Meski demikian, diakui Rachmat bahwa teknologi yang digunakan dalam ekohidrologi bukan sesuatu yang baru. Sebaliknya, kebaruan terletak pada konsep ekohidrologi yang memadukan empat prinsip.
"Yang baru itu konsepnya. Kalau teknologi sebenarnya banyak. Cuma bagaimana konsep ini bisa bersatu dengan alam lokal," terangnya.
Kelokalan sangat diperhatikan dalam pengelolaan air berdasarkan ekohidrologi. Konsep tersebut bertumpu pada masyarakat sebagai pengelola sumber daya air. Oleh karena itu, pendekatan ekohidrologi menggunakan pendekatan berdasar kearifan lokal.
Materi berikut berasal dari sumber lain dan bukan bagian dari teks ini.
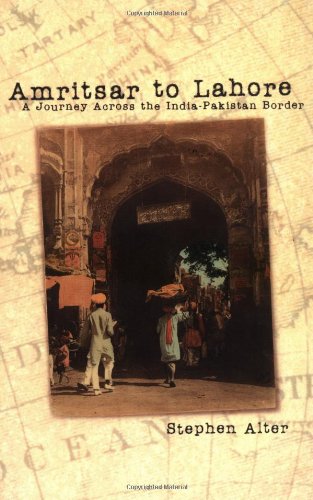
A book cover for Amritsar to Lahore: A Journey Across the India-Pakistan Border; Stephen Alter; Travel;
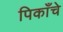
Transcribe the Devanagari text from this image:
पिकाँचे
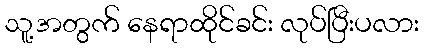
သူ့အတွက် နေရာထိုင်ခင်း လုပ်ပြီးပလား
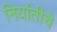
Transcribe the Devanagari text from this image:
निर्यातीचे
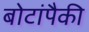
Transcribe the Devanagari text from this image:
बोटांपैकी
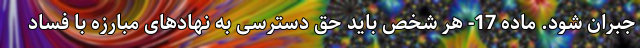
جبران شود. ماده 17- هر شخص باید حق دسترسی به نهادهای مبارزه با فساد
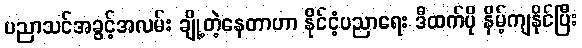
ပညာသင်အခွင့်အလမ်း ချို့တဲ့နေတာဟာ နိုင်ငံ့ပညာရေး ဒီထက်ပို နိမ့်ကျနိုင်ပြီး
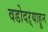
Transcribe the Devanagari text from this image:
वडोदऱ्याहून
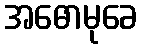
အဓောမုခေ
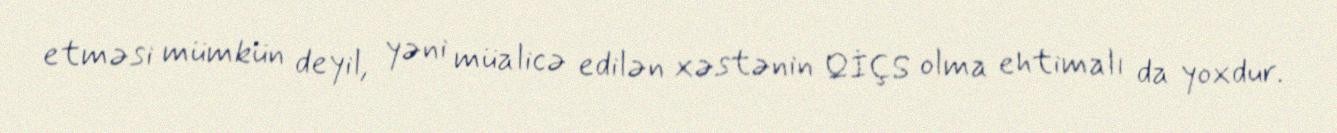
etməsi mümkün deyil, yəni müalicə edilən xəstənin QİÇS olma ehtimalı da yoxdur.
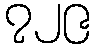
၇၂၉
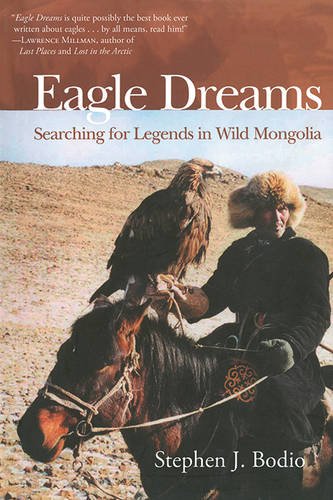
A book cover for Eagle Dreams: Searching for Legends in Wild Mongolia; Stephen Bodio; Travel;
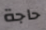
حاجة
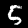
Label: 5
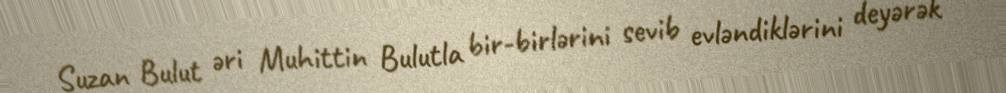
Suzan Bulut əri Muhittin Bulutla bir-birlərini sevib evləndiklərini deyərək
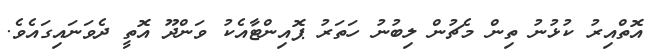
އޮތްއިރު ކުޅުނު ތިން މެޗުން ލިބުނު ހަތަރު ޕޮއިންޓާއެކު ވަންދޫ އޮތީ ދެވަނައިގައެވެ.
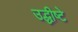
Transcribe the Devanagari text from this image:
उद्धीष्टे
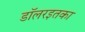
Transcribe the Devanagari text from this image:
डॉलरइतका
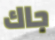
جاك
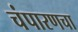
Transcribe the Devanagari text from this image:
चंपारणचा
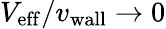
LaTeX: {V_{\mathrm{eff}}}/{v_{\mathrm{wall}}}\rightarrow 0
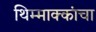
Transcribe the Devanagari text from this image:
थिम्माक्कांचा
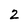
Character: 2
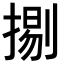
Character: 𢱦
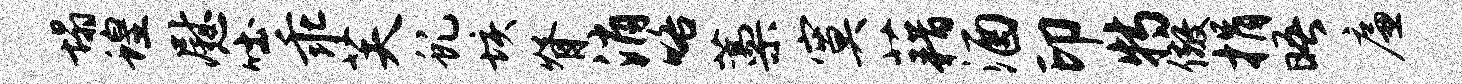
塌蝗慰吐乖芙虬垓脊消咯藁寞藉酒印特儆捐晤廉
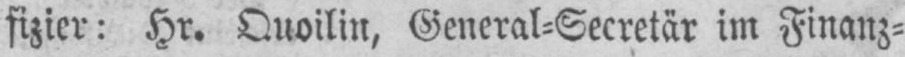
fizier: Hr. Quoilin, General⸗Secretär im Finanz⸗
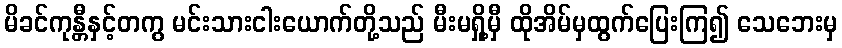
မိခင်ကုန္တီနှင့်တကွ မင်းသားငါးယောက်တို့သည် မီးမရှို့မှီ ထိုအိမ်မှထွက်ပြေးကြ၍ သေဘေးမှ
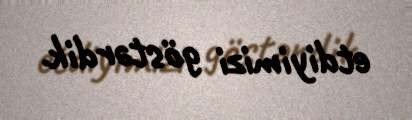
etdiyimizi göstərdik.
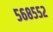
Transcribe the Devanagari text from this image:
५६८५५२
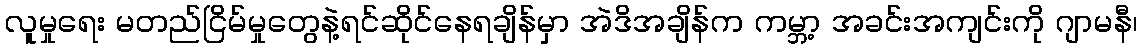
လူမှုရေး မတည်ငြိမ်မှုတွေနဲ့ရင်ဆိုင်နေရချိန်မှာ အဲဒိအချိန်က ကမ္ဘာ့ အခင်းအကျင်းကို ဂျာမနီ၊
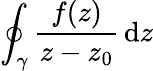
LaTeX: \oint_{\gamma}\frac{f(z)}{z-z_{0}}\, \mathrm{d}z
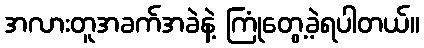
အလားတူအခက်အခဲနဲ့ ကြုံတွေ့ခဲ့ရပါတယ်။
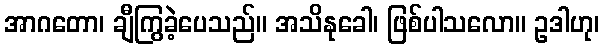
အာဂတော၊ ချီကြွခဲ့ပေသည်။ အသိနုခေါ၊ ဖြစ်ပါသလော။ ဥဒါဟု၊
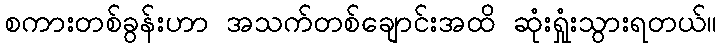
စကားတစ်ခွန်းဟာ အသက်တစ်ချောင်းအထိ ဆုံးရှုံးသွားရတယ်။
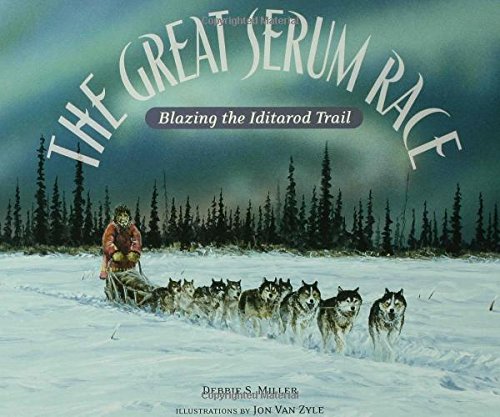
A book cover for The Great Serum Race: Blazing the Iditarod Trail; Debbie S. Miller; Sports & Outdoors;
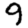
Digit: 9
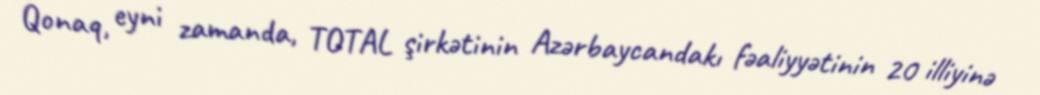
Qonaq, eyni zamanda, TOTAL şirkətinin Azərbaycandakı fəaliyyətinin 20 illiyinə
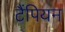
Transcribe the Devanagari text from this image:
टैंपियन
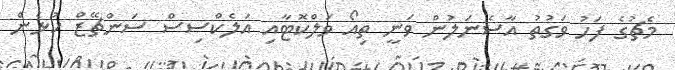
މެޗުގެ ފަހު ވަގުތު އާސެނަލުން ވަނީ ތިއޯ ވަލްކޮޓާއި އަލެކްސިސް ސަންޗޭޒް ކުޅެން
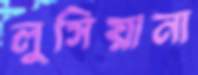
লুসিয়ানা
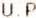
U.P
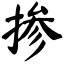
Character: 掺
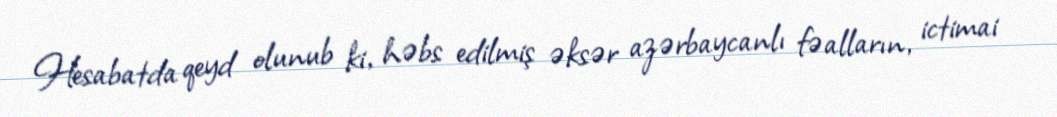
Hesabatda qeyd olunub ki, həbs edilmiş əksər azərbaycanlı fəalların, ictimai
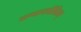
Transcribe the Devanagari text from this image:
लष्करमीरितम्
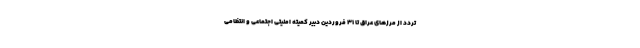
تردد از مرزهای عراق تا ۳۱ فروردین دبیر کمیته امنیتی اجتماعی و انتظامی
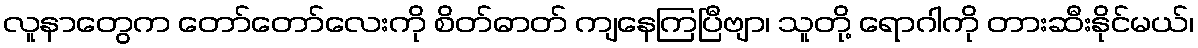
လူနာတွေက တော်တော်လေးကို စိတ်ဓာတ် ကျနေကြပြီဗျာ၊ သူတို့ ရောဂါကို တားဆီးနိုင်မယ်၊
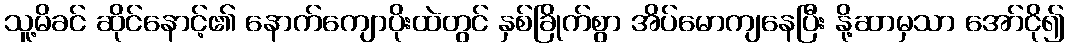
သူ့မိခင် ဆိုင်နောင့်၏ နောက်ကျောပိုးထဲတွင် နှစ်ခြိုက်စွာ အိပ်မောကျနေပြီး နို့ဆာမှသာ အော်ငို၍
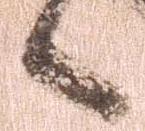
候
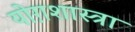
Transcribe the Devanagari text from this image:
योग़शास्त्रा
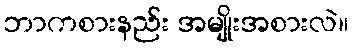
ဘာကစားနည်း အမျိုးအစားလဲ။
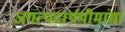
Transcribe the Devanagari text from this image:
जगत्पदार्थमीमांसा
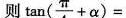
则 $$\tan(\frac{\pi}{4}+ \alpha)=$$
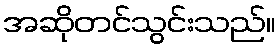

"Teknologi nasional, tapi implementasinya dengan memahami budaya lokal," tambah Rachmat.
Sebagai contoh kawasan percontohan Saguling menggunakan ikan tawar darat sebagai indikator air. Hal itu disengaja dengan memperhatikan kearifan lokal masyarakat sunda.
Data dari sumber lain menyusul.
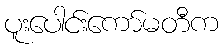
ပူးပေါင်းကော်မတီက
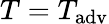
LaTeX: T=T_{\mathrm{adv}}
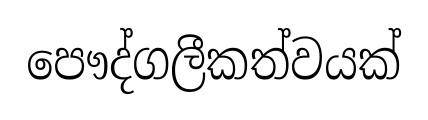
පෞද්ගලීකත්වයක්
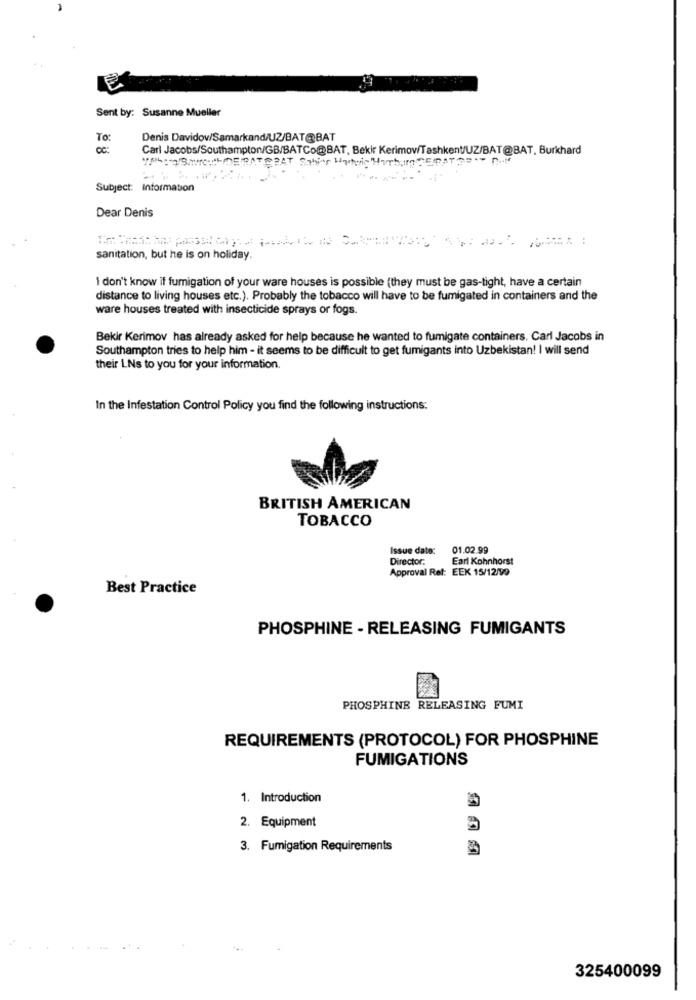
Sent by: Susanne Mueller
To:
Denis Davidov/Samarkand/UZ/BAT@BAT
CC:
Carl Jacobs/Southampton/GB/BATCo@BAT, Bekir Kerimow/Tashkent/UZ/BAT@BAT, Burkhard
Subject: Information
Dear Denis
sanitation, but he is on holiday.
I don't know if fumigation of your ware houses is possible (they must be gas-tight, have a certain
distance to living houses etc.). Probably the tobacco will have to be fumigated in containers and the
ware houses treated with insecticide sprays or fogs.
Bekir Kerimov has already asked for help because he wanted to fumigate containers. Carl Jacobs in
Southampton tries to help him - it seems to be difficult to get fumigants into Uzbekistan! I will send
their LNs to you for your information.
In the Infestation Control Policy you find the following instructions:
BRITISH AMERICAN
TOBACCO
Issue date:
01.02.99
Director.
Earl Kohnhorst
Approval Ref: EEK 15/12/99
Best Practice
PHOSPHINE - RELEASING FUMIGANTS
PHOSPHINE RELEASING FUMI
REQUIREMENTS (PROTOCOL) FOR PHOSPHINE
FUMIGATIONS
1. Introduction
2. Equipment
3. Fumigation Requirements
325400099
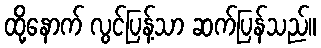
ထို့နောက် လွင်ပြန့်သာ ဆက်ပြန်သည်။
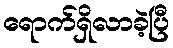
ရောက်ရှိလာခဲ့ပြီ
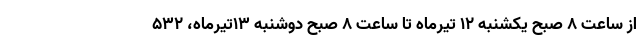
از ساعت ۸ صبح یکشنبه ۱۲ تیرماه تا ساعت ۸ صبح دوشنبه ۱۳‌تیرماه، ۵۳۲
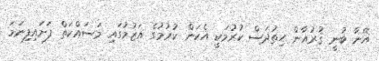
އޭނާ ބުނީ ޤުރުއާން ހިތުދަސް ކުރުމަކީ އެކަން ކުރުމުގެ އަޒުމުގައި މަސައްކަތް ފަށައިފިނަމަ
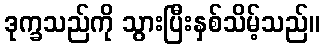
ဒုက္ခသည်ကို သွားပြီးနှစ်သိမ့်သည်။
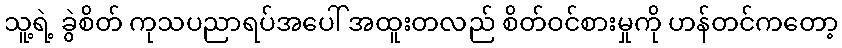
သူ့ရဲ့ ခွဲစိတ် ကုသပညာရပ်အပေါ် အထူးတလည် စိတ်ဝင်စားမှုကို ဟန်တင်ကတော့

"Misalnya kayak masyarakat Jabar itu budaya perikanan tawar daratnya kuat. Jadi, kan, senang memancing, senang bikin karamba. Jadi, kalau kita menggunakan ikan sebagai indikator mereka senang," tegas Rachmat.
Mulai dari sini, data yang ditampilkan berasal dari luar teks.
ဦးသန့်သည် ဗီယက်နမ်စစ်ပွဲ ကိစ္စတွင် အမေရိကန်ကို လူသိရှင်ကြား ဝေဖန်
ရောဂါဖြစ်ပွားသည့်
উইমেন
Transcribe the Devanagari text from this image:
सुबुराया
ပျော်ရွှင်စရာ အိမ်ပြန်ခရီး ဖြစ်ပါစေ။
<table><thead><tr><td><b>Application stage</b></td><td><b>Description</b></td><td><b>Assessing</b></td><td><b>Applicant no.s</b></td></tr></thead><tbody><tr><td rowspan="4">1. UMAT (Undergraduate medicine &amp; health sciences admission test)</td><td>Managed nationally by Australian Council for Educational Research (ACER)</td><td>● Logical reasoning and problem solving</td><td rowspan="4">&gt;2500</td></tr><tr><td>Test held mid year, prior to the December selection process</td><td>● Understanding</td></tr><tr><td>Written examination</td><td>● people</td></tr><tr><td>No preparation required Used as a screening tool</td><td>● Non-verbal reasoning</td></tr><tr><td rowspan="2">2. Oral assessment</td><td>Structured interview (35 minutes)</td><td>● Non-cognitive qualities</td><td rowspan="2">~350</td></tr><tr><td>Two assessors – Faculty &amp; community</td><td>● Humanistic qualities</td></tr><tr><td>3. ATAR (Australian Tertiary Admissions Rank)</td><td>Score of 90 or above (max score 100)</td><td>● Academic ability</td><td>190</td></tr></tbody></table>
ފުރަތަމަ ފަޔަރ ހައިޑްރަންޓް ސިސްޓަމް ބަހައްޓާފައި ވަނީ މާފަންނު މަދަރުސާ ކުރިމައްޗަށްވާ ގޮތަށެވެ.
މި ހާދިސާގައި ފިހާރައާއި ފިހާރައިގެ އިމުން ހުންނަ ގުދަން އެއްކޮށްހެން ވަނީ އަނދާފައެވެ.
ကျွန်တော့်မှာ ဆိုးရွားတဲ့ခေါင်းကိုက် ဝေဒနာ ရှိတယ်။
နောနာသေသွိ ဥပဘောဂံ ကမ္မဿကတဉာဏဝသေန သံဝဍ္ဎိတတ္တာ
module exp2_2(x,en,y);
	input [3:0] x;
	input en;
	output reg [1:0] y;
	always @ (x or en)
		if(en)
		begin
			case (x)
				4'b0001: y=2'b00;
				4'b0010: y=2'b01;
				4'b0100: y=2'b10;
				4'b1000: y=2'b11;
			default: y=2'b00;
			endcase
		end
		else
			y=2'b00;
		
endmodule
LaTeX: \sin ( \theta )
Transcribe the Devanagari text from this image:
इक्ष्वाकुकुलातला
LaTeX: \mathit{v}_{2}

Ekohidrologi di Waduk Saguling benar-benar disesuaikan dengan budaya Sunda. Jadi, kalau teknologinya diterapkan di Jateng, Bali, atau Jatim, akan beda modelnya.
Soal kualitas air, Rachmat berpegang pada standar kelayakan air yang ditetapkan pemerintah. Salah satunya yang dimuat dalam Permenkes 492 Tahun 2010 tentang Persyaratan Kualitas Air Minum. Meski demikian, sering terdapat perbedaan standar kelayakan air antara masyarakat dan para peneliti. Itulah sebabnya proses edukasi dengan basis budaya menjadi sangat penting.
"Ini yang menarik. Jadi, meskipun menurut kita layak, bisa jadi menurut masyarakat itu sudah tidak layak. Begitu pun sebaliknya," pungkas Rachmat.